* [HOW TO COMPLETE THIS TASK]:
Set down every line of the data exactly, skipping the pictures.

* [SOURCE MATERIAL]:
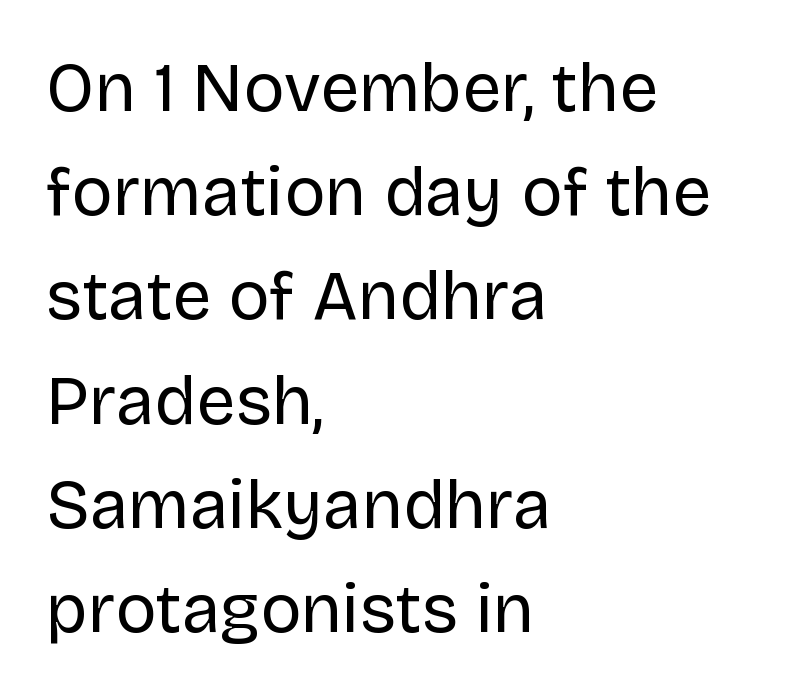
Q: Is the text bold? A: No.
Q: Is the text italic (slanted)? A: No, it is upright.
Q: Is the typeface a serif or a sans-serif typeface? A: Sans-serif.
Q: Is the text underlined? A: No.
Q: How is the paragraph aligned? A: Left-aligned.
Q: Is the spacing between letters normal or unusually wide? A: Normal.
Q: Is the spacing between lines tight, normal or loose? A: Normal.
Q: Width (condensed, normal, or wide)? A: Normal.
Q: Stroke contrast? A: Low.
Q: x-height? A: Large.
Q: Monospaced? A: No.

* [EXPECTED OUTPUT]:
Q: Is the text bold? A: No.
Q: Is the text italic (slanted)? A: No, it is upright.
Q: Is the typeface a serif or a sans-serif typeface? A: Sans-serif.
Q: Is the text underlined? A: No.
Q: How is the paragraph aligned? A: Left-aligned.
Q: Is the spacing between letters normal or unusually wide? A: Normal.
Q: Is the spacing between lines tight, normal or loose? A: Normal.
Q: Width (condensed, normal, or wide)? A: Normal.
Q: Stroke contrast? A: Low.
Q: x-height? A: Large.
Q: Monospaced? A: No.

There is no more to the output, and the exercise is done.